Where Should You Start With Improving Safety?
Once you’ve assessed these risks, you’ll need to determine the best plan of action to reduce them. Some seniors choose to make modifications to the home they’re in, while others realize they may be better off buying a new home. There are pros and cons either way. If you decide to move, a real estate agent can help you find a home that requires less maintenance, with single level living, and that already has some of the safety features you need.
Seniors who are considering moving should start by looking at their budget and estimating how much house will comfortably fit into your budget. This will help you zero in on the right homes that are in your budget, plus you’ll still need to consider the cost of any modifications that a new house might need.
What Are the Best Small Changes You Can Make?

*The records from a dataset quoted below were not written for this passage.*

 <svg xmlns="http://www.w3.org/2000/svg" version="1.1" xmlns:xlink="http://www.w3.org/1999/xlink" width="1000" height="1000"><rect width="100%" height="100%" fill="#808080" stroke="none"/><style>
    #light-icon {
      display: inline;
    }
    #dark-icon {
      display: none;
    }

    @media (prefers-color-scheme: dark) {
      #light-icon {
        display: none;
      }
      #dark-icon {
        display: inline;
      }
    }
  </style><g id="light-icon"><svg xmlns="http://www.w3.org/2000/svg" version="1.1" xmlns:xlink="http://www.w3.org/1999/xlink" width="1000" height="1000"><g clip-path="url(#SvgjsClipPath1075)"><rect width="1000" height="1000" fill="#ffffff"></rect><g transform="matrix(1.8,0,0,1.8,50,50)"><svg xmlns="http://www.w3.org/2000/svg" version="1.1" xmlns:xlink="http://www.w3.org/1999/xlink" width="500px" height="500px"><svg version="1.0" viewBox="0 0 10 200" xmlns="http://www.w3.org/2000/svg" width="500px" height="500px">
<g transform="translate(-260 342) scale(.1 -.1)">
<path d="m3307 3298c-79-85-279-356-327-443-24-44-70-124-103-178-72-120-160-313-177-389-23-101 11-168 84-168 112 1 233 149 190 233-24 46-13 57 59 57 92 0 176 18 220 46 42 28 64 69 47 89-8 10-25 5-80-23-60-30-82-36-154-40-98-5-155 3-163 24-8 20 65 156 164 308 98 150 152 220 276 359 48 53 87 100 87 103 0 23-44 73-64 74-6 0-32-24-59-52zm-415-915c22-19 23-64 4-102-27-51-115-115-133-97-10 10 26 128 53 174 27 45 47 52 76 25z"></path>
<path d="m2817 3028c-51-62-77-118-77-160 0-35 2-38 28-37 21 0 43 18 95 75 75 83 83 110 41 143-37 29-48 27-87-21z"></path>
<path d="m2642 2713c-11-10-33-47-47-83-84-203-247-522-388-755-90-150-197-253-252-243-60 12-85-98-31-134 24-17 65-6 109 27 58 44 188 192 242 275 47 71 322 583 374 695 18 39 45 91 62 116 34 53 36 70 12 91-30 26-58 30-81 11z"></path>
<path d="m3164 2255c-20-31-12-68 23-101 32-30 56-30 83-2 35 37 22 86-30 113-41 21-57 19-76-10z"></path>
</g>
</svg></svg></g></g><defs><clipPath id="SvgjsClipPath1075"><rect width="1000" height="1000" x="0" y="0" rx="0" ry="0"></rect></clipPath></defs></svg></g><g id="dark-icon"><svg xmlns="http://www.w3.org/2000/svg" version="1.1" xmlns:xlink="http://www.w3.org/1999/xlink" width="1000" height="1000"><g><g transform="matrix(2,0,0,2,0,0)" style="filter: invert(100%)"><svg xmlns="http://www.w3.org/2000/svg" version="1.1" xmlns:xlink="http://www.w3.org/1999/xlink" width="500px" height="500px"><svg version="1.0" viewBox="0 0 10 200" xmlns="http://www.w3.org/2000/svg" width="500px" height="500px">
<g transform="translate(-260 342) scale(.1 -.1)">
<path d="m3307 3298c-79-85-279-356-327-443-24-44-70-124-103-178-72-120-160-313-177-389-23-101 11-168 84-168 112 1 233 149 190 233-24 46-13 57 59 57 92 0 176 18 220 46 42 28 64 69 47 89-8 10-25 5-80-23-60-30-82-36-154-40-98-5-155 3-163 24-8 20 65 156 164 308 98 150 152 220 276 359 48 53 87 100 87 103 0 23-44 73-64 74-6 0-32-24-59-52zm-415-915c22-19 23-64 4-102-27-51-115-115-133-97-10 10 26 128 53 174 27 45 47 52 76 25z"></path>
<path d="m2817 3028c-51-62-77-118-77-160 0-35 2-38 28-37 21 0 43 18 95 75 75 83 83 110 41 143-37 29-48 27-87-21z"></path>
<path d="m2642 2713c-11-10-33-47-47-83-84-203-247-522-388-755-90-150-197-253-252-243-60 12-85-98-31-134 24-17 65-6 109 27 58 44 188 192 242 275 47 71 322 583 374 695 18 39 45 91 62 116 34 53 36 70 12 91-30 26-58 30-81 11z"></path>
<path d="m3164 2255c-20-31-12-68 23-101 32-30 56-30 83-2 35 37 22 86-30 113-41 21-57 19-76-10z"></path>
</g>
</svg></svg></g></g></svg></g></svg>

Many seniors think of making home modifications as a major undertaking, but it really doesn’t have to be. Some of the easiest and least expensive changes are also ones that will make the biggest improvement to your safety. For example, you can reduce the risk of falling by ensuring you have enough light in your home. You could install recessed lights in dark spots, but adding light can also be as simple as getting more task lighting, or as Consumer Affairs suggests, getting inexpensive LED tap lights for under counters.

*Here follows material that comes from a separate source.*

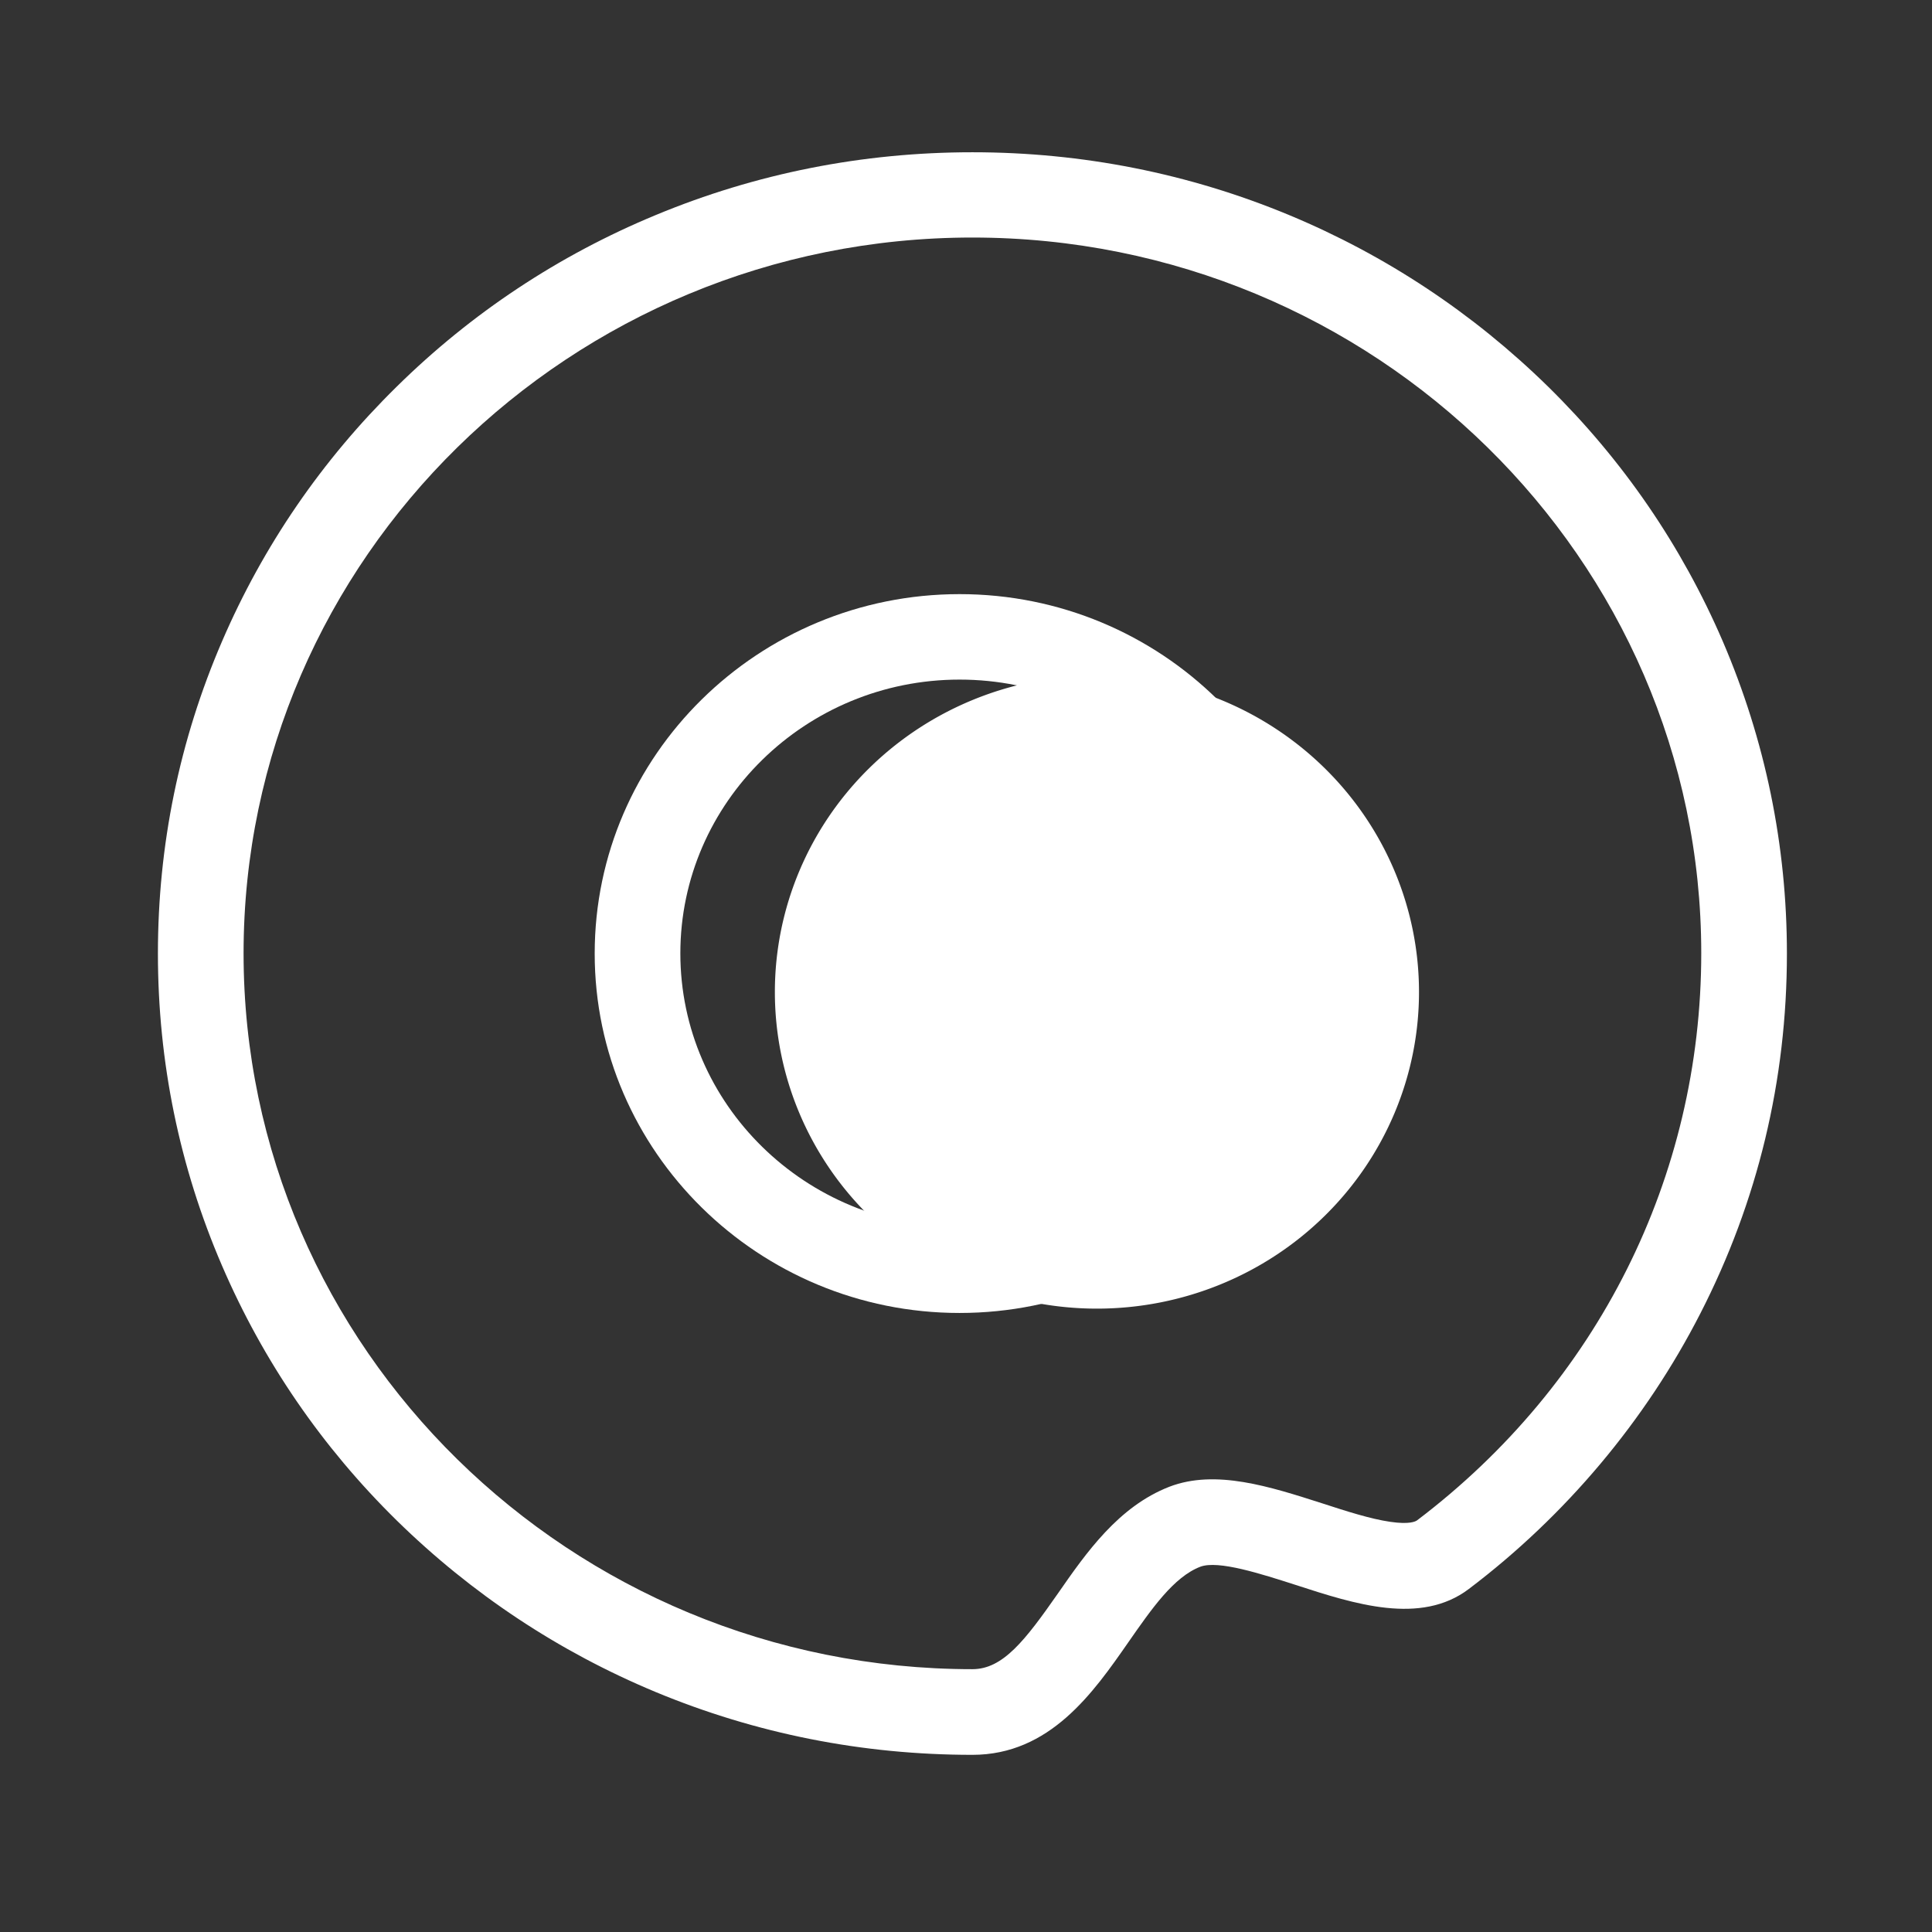 <?xml version="1.0" standalone="no"?><!DOCTYPE svg PUBLIC "-//W3C//DTD SVG 1.1//EN" "http://www.w3.org/Graphics/SVG/1.1/DTD/svg11.dtd"><svg t="1689861828951" class="icon" viewBox="0 0 1024 1024" version="1.1" xmlns="http://www.w3.org/2000/svg" p-id="2216" id="mx_n_1689861828953" xmlns:xlink="http://www.w3.org/1999/xlink" width="1024" height="1024"><rect x="0" y="0" width="1024" height="1024" fill="#333333" stroke="none"/><path d="M410.7 525.8a170.7 167.8 0 1 0 341.4 0 170.7 167.8 0 1 0-341.4 0Z" fill="#ffffff" p-id="2217"></path><path d="M515.4 930.1c-58.2 0-114.7-11.2-167.9-33.3-51.4-21.4-97.5-52-137.2-90.9-39.7-39-70.8-84.4-92.6-135-22.6-52.4-34-108.1-34-165.5 0-57.4 11.4-113.1 34-165.5 21.8-50.6 52.9-96 92.6-135 39.6-39 85.8-69.6 137.2-90.9 53.2-22.1 109.7-33.3 167.9-33.3S630.1 91.9 683.3 114c51.4 21.4 97.5 52 137.2 90.9 39.7 39 70.8 84.4 92.6 135 22.5 52.4 34 108.1 34 165.5 0 67.1-15.4 131.3-45.9 190.8-29 56.7-71.4 107.2-122.7 146-25.5 19.3-60.6 8-91.6-2.1-18.4-5.9-41.2-13.3-50.7-9.7-14.1 5.4-25.8 22.3-38.2 40.1-18.5 26.6-41.5 59.6-82.6 59.6z m0-804.2c-213 0-386.3 170.2-386.3 379.4s173.3 379.4 386.3 379.4c16.2 0 27.9-15.2 45.3-40.1 15-21.6 32.1-46.1 59.1-56.6 24.5-9.4 53.2-0.1 81 8.8 13.2 4.3 25.7 8.3 36.1 9.8 10.2 1.5 13.4-0.2 14.2-0.8 95.7-72.5 150.6-182.1 150.6-300.6 0-209.1-173.3-379.3-386.3-379.3z" fill="#ffffff" p-id="2218"></path><path d="M508.6 695.9c-106.6 0-193.4-85.5-193.4-190.5 0-105.1 86.8-190.5 193.4-190.5S702 400.3 702 505.3c0 105.1-86.7 190.6-193.4 190.6z m0-335.7c-81.6 0-148 65.1-148 145.1s66.4 145.1 148 145.1 148-65.1 148-145.1-66.3-145.1-148-145.1z" fill="#ffffff" p-id="2219"></path><path d="M569.3 592.7c-6.1 0-12.1-2.4-16.6-7.2-8.5-9.2-8-23.5 1.1-32.1 18.1-16.9 27.9-35.4 29.1-55.1 0.8-12.9-2.6-21.9-2.7-22-5-11.5 0.3-24.9 11.8-29.9s24.9 0.3 29.9 11.8c0.8 1.8 7.8 18.7 6.3 42.7-1.3 21.8-9.9 54.3-43.5 85.6-4.3 4.2-9.9 6.2-15.4 6.2z" fill="#ffffff" p-id="2220"></path></svg>

Another small change you can make is to remove trip hazards, and this one is mostly free! Common trip hazards include scatter rugs, electrical cords, oddly placed furniture, and general clutter. Simple solutions can resolve these problems, such as buying a basket to collect random items like magazines.
Of course, it’s impossible to eliminate all fall hazards, especially if you have stairs. An easy way to make stairs safer, though, is to install a sturdy handrail. As an added bonus, this is a project that a DIYer or handyman can handle (no contractor needed!). If your home has a threshold with just one or two steps, consider getting a small ramp to use in those spots.

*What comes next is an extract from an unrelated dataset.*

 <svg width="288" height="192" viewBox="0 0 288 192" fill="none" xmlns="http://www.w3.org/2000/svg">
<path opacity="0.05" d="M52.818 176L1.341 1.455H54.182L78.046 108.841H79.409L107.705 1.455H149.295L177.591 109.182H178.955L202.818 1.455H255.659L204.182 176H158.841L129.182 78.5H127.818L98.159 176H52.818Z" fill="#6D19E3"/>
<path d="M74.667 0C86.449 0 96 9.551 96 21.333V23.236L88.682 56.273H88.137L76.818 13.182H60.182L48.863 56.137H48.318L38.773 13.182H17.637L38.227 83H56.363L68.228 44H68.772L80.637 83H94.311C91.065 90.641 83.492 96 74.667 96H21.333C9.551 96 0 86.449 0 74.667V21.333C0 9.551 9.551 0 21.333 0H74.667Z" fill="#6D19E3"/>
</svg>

How Can You Make Bathrooms Safer?
Like stairs, bathrooms have an inherent fall risk that can’t be eliminated entirely. However, with this DIY guide from Family Handyman, installing grab bars is a simple and affordable modification that reduces this risk. If your budget allows, many seniors prefer curbless showers, but an easy alternative is to add a bath seat to your existing shower or tub. Getting an anti-slip bath mat, as well as low pile anti-slip rugs for the rest of the bathroom, will help prevent slipping even more.
Seniors today are lucky to have the advanced technology that makes aging in place safer, but some of the best home modifications are still the simplest. Like Dorothy so famously said, there’s no place like home. With the right modifications, you can have the comforts of home and the safety you need.